Here's a shot of the town and industrial complex that's on the other side of the layout.










There's so much wonderfully detailed, eclectic modeling going on on this layout that I hardly know where to begin. How about this old mine with the rusted ore train in front of it? (I know it's not abandoned, because the workers are grabbing thrill rides down the track!)










Then there's this flume. I don't know where the water is actually coming from -- there are a couple of pistons down near the ground which are rigged up to what appears to be a modified hand-crank pump; but that whole apparatus may be cosmetic. However it starts, the water runs down the flume...










And heads to the mill, where it...










...drives a jury-rigged wheel, which is connected to a jack-pole, which actually moves a vertical sawblade up and down!










I'll leave you with this shot of a lumber train coming out of the logging camp...









And then we gotta' hurry up to the next stop...

...which is Mike Falkenstein's "Mistiridge Railroad." There are actually two layouts here. The first is an on-the-ground layout which started in 1992 and evolved along with the hobby, from 1:22.5 to 1:29 to 1:20.3 narrow gauge.










Alas, Mike discovered Friday morning that after 20 years, the track and weeds had settled in to the point that he couldn't guarantee a complete circuit without de-railing. This Mallet derailed right here on the curve. Note the airwire controller on the tender -- it appears that at least half of the trains involved in this 'Regional' are battery-powered and Airwire controlled.










But not all! Mike's newest addition is an elevated layout where he and friends run live-steam engines. It has about 240 feet of mainline and another 180 feet of siding. When we arrived, Mike's friend, Chuck Sanfilippo, was driving an Accucraft Mason Bogie and a Roundhouse Billy, both under radio control.

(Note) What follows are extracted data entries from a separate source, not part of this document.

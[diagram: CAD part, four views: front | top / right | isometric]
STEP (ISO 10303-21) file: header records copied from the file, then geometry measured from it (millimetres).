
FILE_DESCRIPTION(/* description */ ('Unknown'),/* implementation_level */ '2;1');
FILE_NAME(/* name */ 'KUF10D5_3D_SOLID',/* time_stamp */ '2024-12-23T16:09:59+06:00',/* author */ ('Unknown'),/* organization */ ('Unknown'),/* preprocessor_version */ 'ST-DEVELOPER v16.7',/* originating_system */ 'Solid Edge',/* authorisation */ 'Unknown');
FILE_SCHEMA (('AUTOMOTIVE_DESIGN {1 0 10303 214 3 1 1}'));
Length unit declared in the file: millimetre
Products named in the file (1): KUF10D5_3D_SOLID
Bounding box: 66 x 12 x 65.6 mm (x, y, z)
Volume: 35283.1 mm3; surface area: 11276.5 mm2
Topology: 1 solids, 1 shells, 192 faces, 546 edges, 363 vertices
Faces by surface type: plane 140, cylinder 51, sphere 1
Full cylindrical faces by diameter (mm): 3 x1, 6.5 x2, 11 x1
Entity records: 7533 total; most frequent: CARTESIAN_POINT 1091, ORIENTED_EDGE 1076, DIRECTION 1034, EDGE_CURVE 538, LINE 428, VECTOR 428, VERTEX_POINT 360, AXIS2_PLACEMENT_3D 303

I was especially interested in how Chuck had set up the Mason Bogie, since I have one and I'm interested in R/C'ing it. A problem with the Mason Bogie is it's prototypically complex reversing gear. Chuck decided, as have several others, to leave the Johnson bar alone and simply R/C the throttle.

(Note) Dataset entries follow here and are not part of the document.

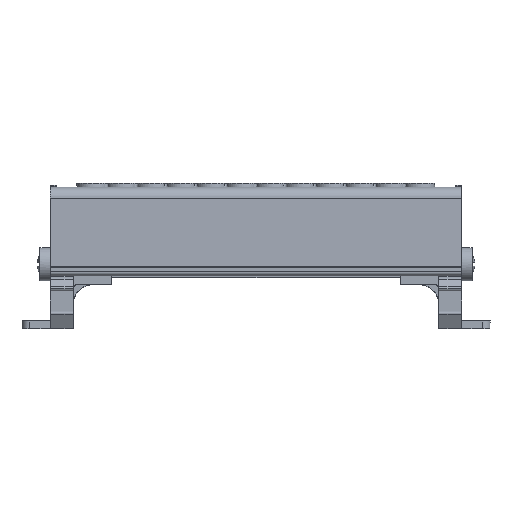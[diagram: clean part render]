
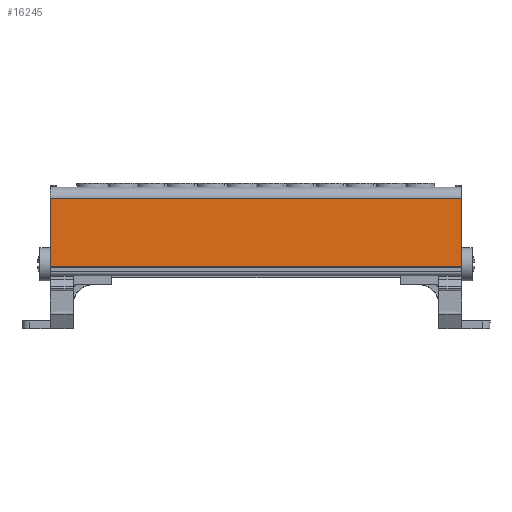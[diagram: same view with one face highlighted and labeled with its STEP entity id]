
A CAD part, top view. The second image highlights one B-rep face of the part: STEP entity #16245.
In plain terms, the highlighted planar face has unit normal (0, 0.018, 1).
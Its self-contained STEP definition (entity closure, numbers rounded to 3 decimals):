
#4735 = EDGE_LOOP ( 'NONE', ( #20754, #20775, #20800, #20784 ) ) ;
#11829 = EDGE_CURVE ( 'NONE', #29521, #29525, #17855, .T. ) ;
#11901 = EDGE_CURVE ( 'NONE', #29602, #29525, #18019, .T. ) ;
#11942 = EDGE_CURVE ( 'NONE', #29529, #29602, #17079, .T. ) ;
#12087 = EDGE_CURVE ( 'NONE', #29521, #29529, #17278, .T. ) ;
#12162 = VECTOR ( 'NONE', #17849, 1000. ) ;
#12266 = VECTOR ( 'NONE', #18030, 1000. ) ;
#12272 = VECTOR ( 'NONE', #17097, 1000. ) ;
#12362 = VECTOR ( 'NONE', #17311, 1000. ) ;
#16245 = ADVANCED_FACE ( 'NONE', ( #22941 ), #21715, .F. ) ;
#17079 = LINE ( 'NONE', #17084, #12272 ) ;
#17084 = CARTESIAN_POINT ( 'NONE',  ( -83.372, -20.747, 103.148 ) ) ;
#17097 = DIRECTION ( 'NONE',  ( 0., -1., 0.017 ) ) ;
#17278 = LINE ( 'NONE', #17282, #12362 ) ;
#17282 = CARTESIAN_POINT ( 'NONE',  ( -70.826, -24.744, 103.218 ) ) ;
#17311 = DIRECTION ( 'NONE',  ( -1., 0., 0. ) ) ;
#17848 = CARTESIAN_POINT ( 'NONE',  ( 24.228, -20.747, 103.148 ) ) ;
#17849 = DIRECTION ( 'NONE',  ( 0., -1., 0.017 ) ) ;
#17855 = LINE ( 'NONE', #17848, #12162 ) ;
#18010 = CARTESIAN_POINT ( 'NONE',  ( 22.738, -43.695, 103.548 ) ) ;
#18019 = LINE ( 'NONE', #18010, #12266 ) ;
#18030 = DIRECTION ( 'NONE',  ( 1., 0., 0. ) ) ;
#20754 = ORIENTED_EDGE ( 'NONE', *, *, #11901, .T. ) ;
#20775 = ORIENTED_EDGE ( 'NONE', *, *, #11829, .F. ) ;
#20784 = ORIENTED_EDGE ( 'NONE', *, *, #11942, .T. ) ;
#20800 = ORIENTED_EDGE ( 'NONE', *, *, #12087, .T. ) ;
#21715 = PLANE ( 'NONE',  #23486 ) ;
#21852 = CARTESIAN_POINT ( 'NONE',  ( -84.021, -20.747, 103.148 ) ) ;
#22359 = DIRECTION ( 'NONE',  ( 0., -0.017, -1. ) ) ;
#22363 = DIRECTION ( 'NONE',  ( 0., 1., -0.017 ) ) ;
#22941 = FACE_OUTER_BOUND ( 'NONE', #4735, .T. ) ;
#23486 = AXIS2_PLACEMENT_3D ( 'NONE', #21852, #22359, #22363 ) ;
#29521 = VERTEX_POINT ( 'NONE', #30405 ) ;
#29525 = VERTEX_POINT ( 'NONE', #30358 ) ;
#29529 = VERTEX_POINT ( 'NONE', #30363 ) ;
#29602 = VERTEX_POINT ( 'NONE', #30543 ) ;
#30358 = CARTESIAN_POINT ( 'NONE',  ( 24.228, -43.695, 103.548 ) ) ;
#30363 = CARTESIAN_POINT ( 'NONE',  ( -83.372, -24.744, 103.218 ) ) ;
#30405 = CARTESIAN_POINT ( 'NONE',  ( 24.228, -24.744, 103.218 ) ) ;
#30543 = CARTESIAN_POINT ( 'NONE',  ( -83.372, -43.695, 103.548 ) ) ;

It's almost 4 O'clock -- we have time to see one more layout before closing. The closest is the Maple Rock Garden Railway, hosted by Scott, Lisa & Colin Paris. The railroad was designed & built by Earl Martin.

The Maple Rock Garden is a very large estate which grows plants and vegetables for the family's High-Hand Nursery and Cafe in Loomis, CA. It is also a very finely landscaped garden, where folks can wander along well-kept pathways from courtyards, to terraces, to hidden sculpture gardens. Although it is a private garden, there are facilities and arrangements available for public visitation days. Here's the view shortly after entering one of the gates -- that long shade cloth roof is where we're headed.










Just as we get to the shade cloth 'tent', we spy this control shed/workshop in the corner. It's manned by Colin Paris and Earl Martin. It's a very hot day and we've arrived late in the operating session. Because of these two factors, they 'warn' us that there is only one train operating under the shade cloth. There is a lot of track which climbs the terrain via loops and switchbacks, normally allowing the trains to visit other areas of the garden. But by this afternoon, their batteries are pooped.










Here's the train now, an older LGB Mallet which Earl has converted to battery. It's headed down one leg of a wye.










A better shot of the train -










This beautiful, shallow creek runs through the central "island" of the layout.










There are many other vignettes hidden throughout the island. Here are a just a couple --



















But gee, I wish we'd been able to see the trains climbing up into the other garden areas! This RR Crossing sign indicates where the track leaves the tented area -










And as you walk up the garden paths, you run into stretches of track and bridgework like these --




























Note the train tracks and station running along the right edge of the walk above.

We realized that had we started here, we might never have left the gardens when there were invitations to explore everywhere you looked...



















So I'll wave good-bye for now. Look for Sacramento Day 2 coming soon.


----------



## noelw (Jan 2, 2008)

Th's for the photos.. very nice.


----------



## Randy Stone (Jan 2, 2008)

Yes, thanks again Gary.


----------



## benshell (Oct 1, 2008)

More great photos, thanks for sharing! I was able to make it to the Maley's and Maple Rock--both I've been to multiple times before and are some of the most impressive and well established layouts I've seen. Although when it comes to the trains themselves I have to say I'm disappointed I've also never seen a train climb the long grade up the hill at Maple Rock. I really hoped to visit the Falkenstein's again too but ran out of time.


----------